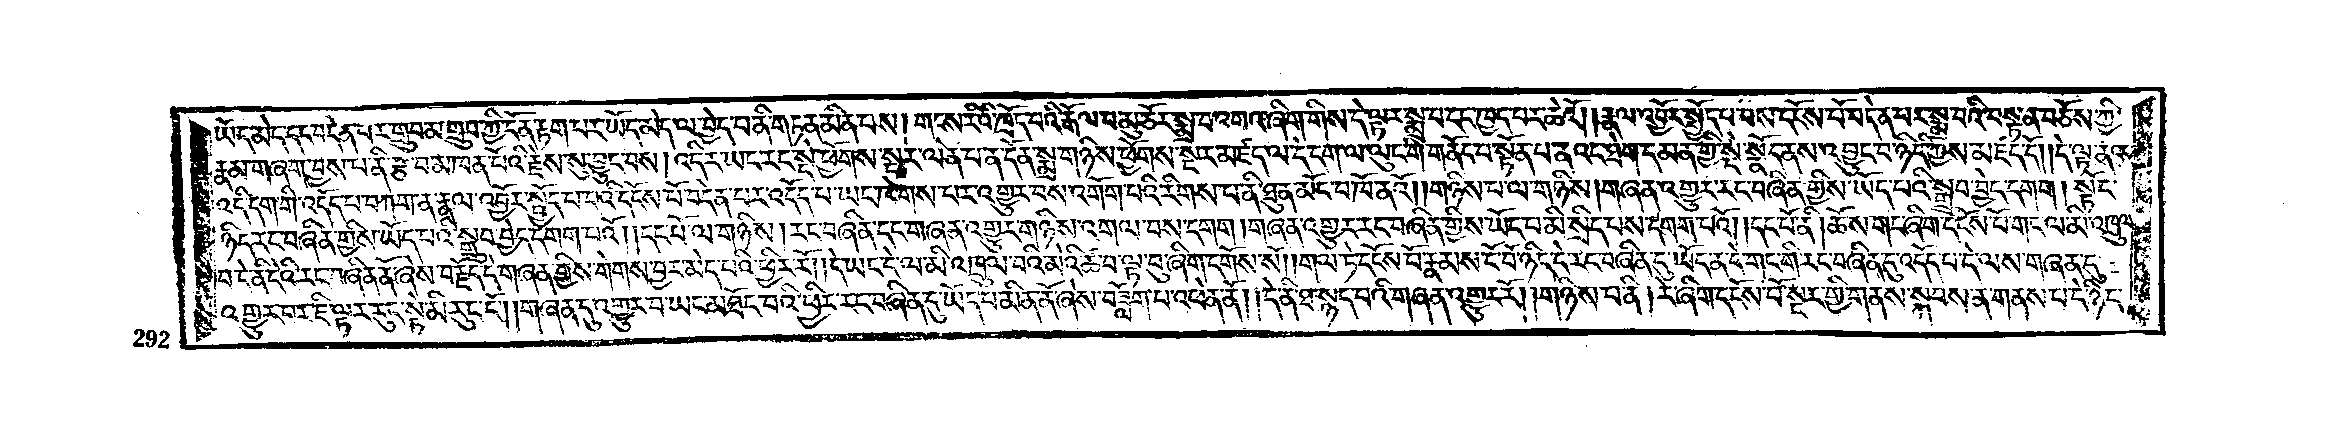ཡོད་མེད་དང་བདེན་པར་གྲུང་མ་གྲུབ་ཀྱུ་དོན་རྟག་པར་ཡོད་མེད་ལ་བྱེད་པ་ནི་གཏན་མིན་པས། གངས་རིའི་ཁྲོད་པའི་རྒོལ་བ་མུ་ཅོར་སྨྲ་བ་འགའ་ཞིག་གིས་དེ་ལྟར་སྨྲ་བ་དང་ཁྱད་པར་ཆེའོ། །རྣལ་འབྱོར་སྐྱོད་པ་བས་དངོས་པོ་བདེན་པར་སྨྲ་བའི་བསྟན་བཅོས་ཀྱི་
རྣམ་གཞག་བྱས་པ་ནི་རྩ་བ་མཁན་པོའི་རྗེས་སུ་བྱུང་བས། འདིར་ཡང་རང་སྡེ་ཕྱོགས་སྔར་ལེན་པ་ན་དོན་སྨྲ་གཉིས་ཕྱོགས་སྔར་མཛད་ལ་དེ་དག་ལ་ལུང་གི་ནོད་པ་སྟོན་པ་ནའང་ཐེག་དམན་གྱི་སྡེ་སྣོད་ནས་འབྱུང་བ་ཉིད་ཀྱིས་མཛད་དོ། །དེ་ལྟ་ནའང་
འདི་དག་གི་འདོད་པ་བཀག་ན་རྣལ་འབྱོར་སྤྱོད་པ་པའི་དངོས་པོ་བདེན་པར་འདོད་པ་ཡང་ཁེགས་པར་འགྱུར་བས་འགོག་པའི་རིགས་པ་ནི་ཐུན་མོང་པ་ཁོ་ནའོ། །གཉིས་པ་ལ་གཉིས། གཞན་འགྱུར་རང་བཞིན་གྱིས་ཡོད་པའི་སྒྲུབ་བྱེད་དགག །སྟོང་
ཉིད་རང་བཞིན་གྱིས་ཡོད་པའི་སྒྲུབ་བྱེད་དགག་པའོ། །དང་པོ་ལ་གཉིས། རང་བཞིན་དང་གཞན་འགྱུར་གཉིས་འགལ་བས་དགག ། གཞན་འགྱུར་རང་བཞིན་གྱིས་ཡོད་པ་མི་སྲིད་པས་དགག་པའོ། །དང་པོ་ནི། ཆོས་གང་ཞིག་དངོས་པོ་གང་ལ་མི་འཁྲུག་
བ་དེ་ནི་དེའི་རང་བཞིན་ནོ་ཞེས་བརྗོད་དེ་གཞན་གྱིས་གེགས་བྱར་མེད་པའི་ཕྱིར་རོ། །དེ་ཡང་དེ་ལ་མི་འཁྲུལ་བའི་མེའི་ཚ་བ་ལྟ་བུ་ཞིག་དགོས་སོ། །གལ་ཏེ་དངོས་པོ་རྣམས་ངོ་བོ་ཉིད་དེ་རང་བཞིན་དུ་ཡོད་ན་དེ་གང་གི་རང་བཞིན་དུ་འདོད་པ་དེ་ལས་གཞན་དུ་
འབྱུང་པར་ཇ་ལྟར་རུང་སྟེ་མི་རུང་ངོ། །གཞན་དུ་འགྱུར་བ་ཡང་མཐོང་བའི་ཕྱིར་རང་བཞིན་དུ་ཡོད་པ་མིན་ནོ་ཞེས་བཟློག་པ་འཕེན་ནོ། །དེ་ནི་ཐ་སྙད་པའི་གཞན་འགྱུར་རོ། །གཉིས་པ་ནི། རེ་ཞིག་དངོས་པོ་སྔར་གྱི་གནས་སྐབས་ན་གནས་པ་དེ་ཉིད་

◇ ◇ ◇ ◇

The records above are to be transcribed exactly, with every picture left out.

Exercise output:
ཡོད་མེད་དང་བདེན་པར་གྲུང་མ་གྲུབ་ཀྱུ་དོན་རྟག་པར་ཡོད་མེད་ལ་བྱེད་པ་ནི་གཏན་མིན་པས། གངས་རིའི་ཁྲོད་པའི་རྒོལ་བ་མུ་ཅོར་སྨྲ་བ་འགའ་ཞིག་གིས་དེ་ལྟར་སྨྲ་བ་དང་ཁྱད་པར་ཆེའོ། །རྣལ་འབྱོར་སྐྱོད་པ་བས་དངོས་པོ་བདེན་པར་སྨྲ་བའི་བསྟན་བཅོས་ཀྱི་
རྣམ་གཞག་བྱས་པ་ནི་རྩ་བ་མཁན་པོའི་རྗེས་སུ་བྱུང་བས། འདིར་ཡང་རང་སྡེ་ཕྱོགས་སྔར་ལེན་པ་ན་དོན་སྨྲ་གཉིས་ཕྱོགས་སྔར་མཛད་ལ་དེ་དག་ལ་ལུང་གི་ནོད་པ་སྟོན་པ་ནའང་ཐེག་དམན་གྱི་སྡེ་སྣོད་ནས་འབྱུང་བ་ཉིད་ཀྱིས་མཛད་དོ། །དེ་ལྟ་ནའང་
འདི་དག་གི་འདོད་པ་བཀག་ན་རྣལ་འབྱོར་སྤྱོད་པ་པའི་དངོས་པོ་བདེན་པར་འདོད་པ་ཡང་ཁེགས་པར་འགྱུར་བས་འགོག་པའི་རིགས་པ་ནི་ཐུན་མོང་པ་ཁོ་ནའོ། །གཉིས་པ་ལ་གཉིས། གཞན་འགྱུར་རང་བཞིན་གྱིས་ཡོད་པའི་སྒྲུབ་བྱེད་དགག །སྟོང་
ཉིད་རང་བཞིན་གྱིས་ཡོད་པའི་སྒྲུབ་བྱེད་དགག་པའོ། །དང་པོ་ལ་གཉིས། རང་བཞིན་དང་གཞན་འགྱུར་གཉིས་འགལ་བས་དགག ། གཞན་འགྱུར་རང་བཞིན་གྱིས་ཡོད་པ་མི་སྲིད་པས་དགག་པའོ། །དང་པོ་ནི། ཆོས་གང་ཞིག་དངོས་པོ་གང་ལ་མི་འཁྲུག་
བ་དེ་ནི་དེའི་རང་བཞིན་ནོ་ཞེས་བརྗོད་དེ་གཞན་གྱིས་གེགས་བྱར་མེད་པའི་ཕྱིར་རོ། །དེ་ཡང་དེ་ལ་མི་འཁྲུལ་བའི་མེའི་ཚ་བ་ལྟ་བུ་ཞིག་དགོས་སོ། །གལ་ཏེ་དངོས་པོ་རྣམས་ངོ་བོ་ཉིད་དེ་རང་བཞིན་དུ་ཡོད་ན་དེ་གང་གི་རང་བཞིན་དུ་འདོད་པ་དེ་ལས་གཞན་དུ་
འབྱུང་པར་ཇ་ལྟར་རུང་སྟེ་མི་རུང་ངོ། །གཞན་དུ་འགྱུར་བ་ཡང་མཐོང་བའི་ཕྱིར་རང་བཞིན་དུ་ཡོད་པ་མིན་ནོ་ཞེས་བཟློག་པ་འཕེན་ནོ། །དེ་ནི་ཐ་སྙད་པའི་གཞན་འགྱུར་རོ། །གཉིས་པ་ནི། རེ་ཞིག་དངོས་པོ་སྔར་གྱི་གནས་སྐབས་ན་གནས་པ་དེ་ཉིད་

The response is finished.